Data for this exercise:
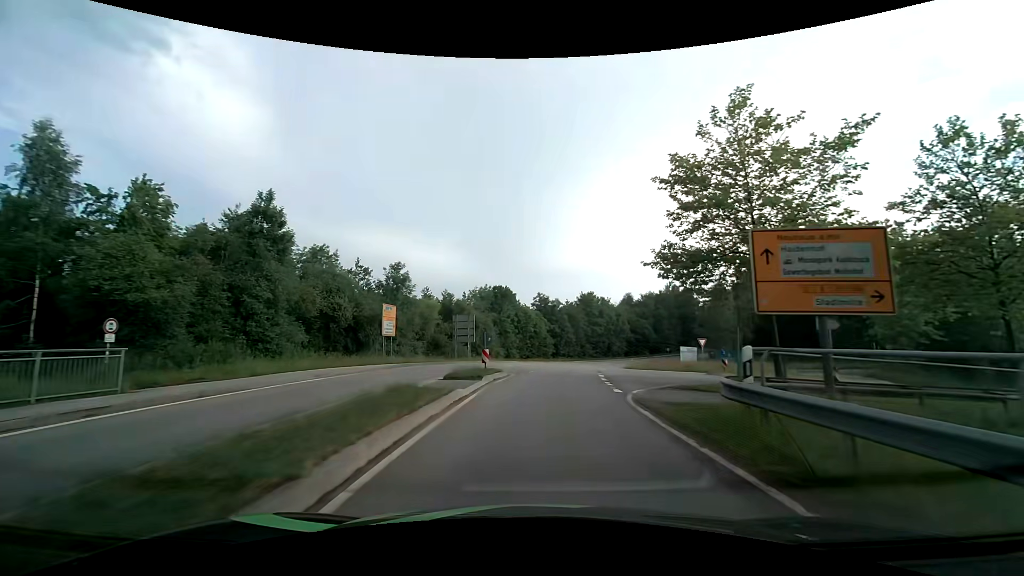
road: primary_link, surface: asphalt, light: Day
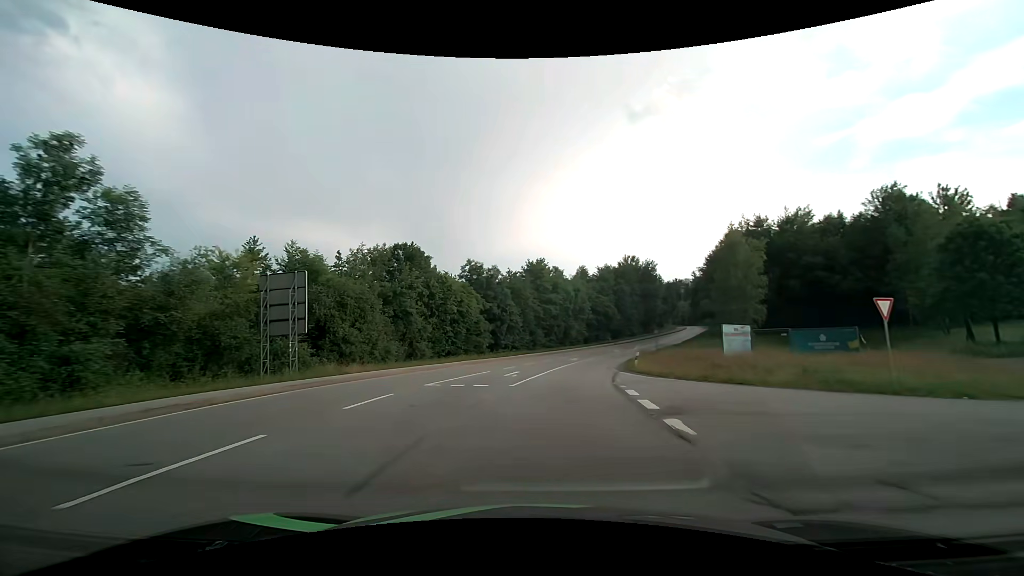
(+1.5, +29.0) m; +7°
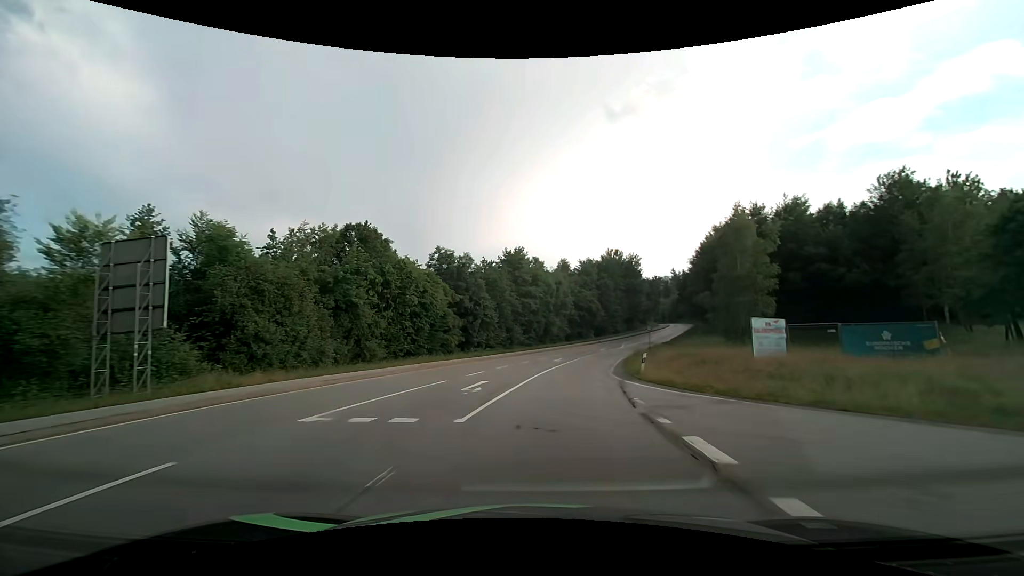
(+0.1, +7.6) m; +2°
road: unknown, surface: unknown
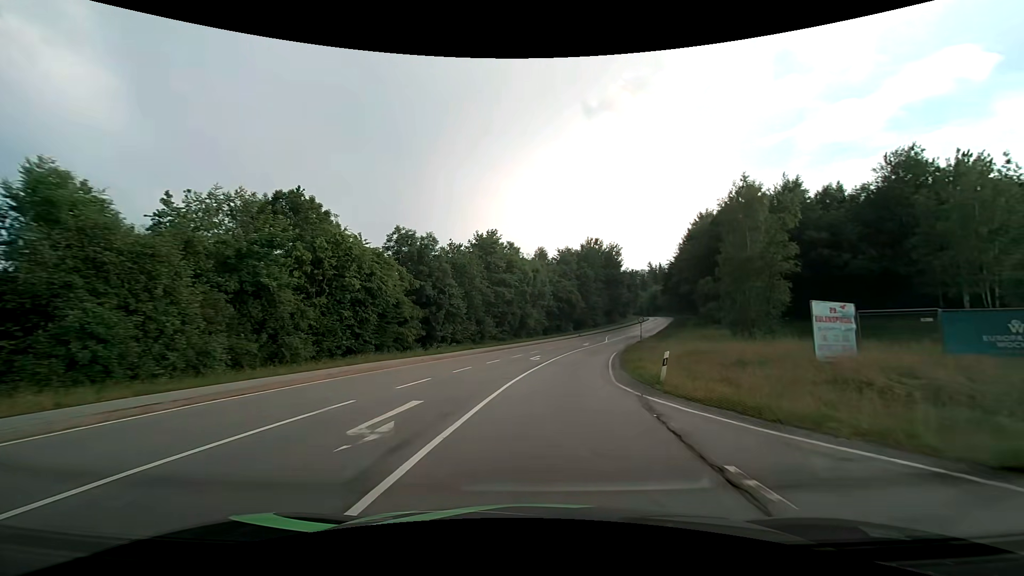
(+0.2, +7.7) m; +3°
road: secondary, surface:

Exercise aim: Write the data above out again exactly, minus its pictures.

Solution below:
road: primary_link, surface: asphalt, light: Day
(+1.5, +29.0) m; +7°
(+0.1, +7.6) m; +2°
road: unknown, surface: unknown
(+0.2, +7.7) m; +3°
road: secondary, surface:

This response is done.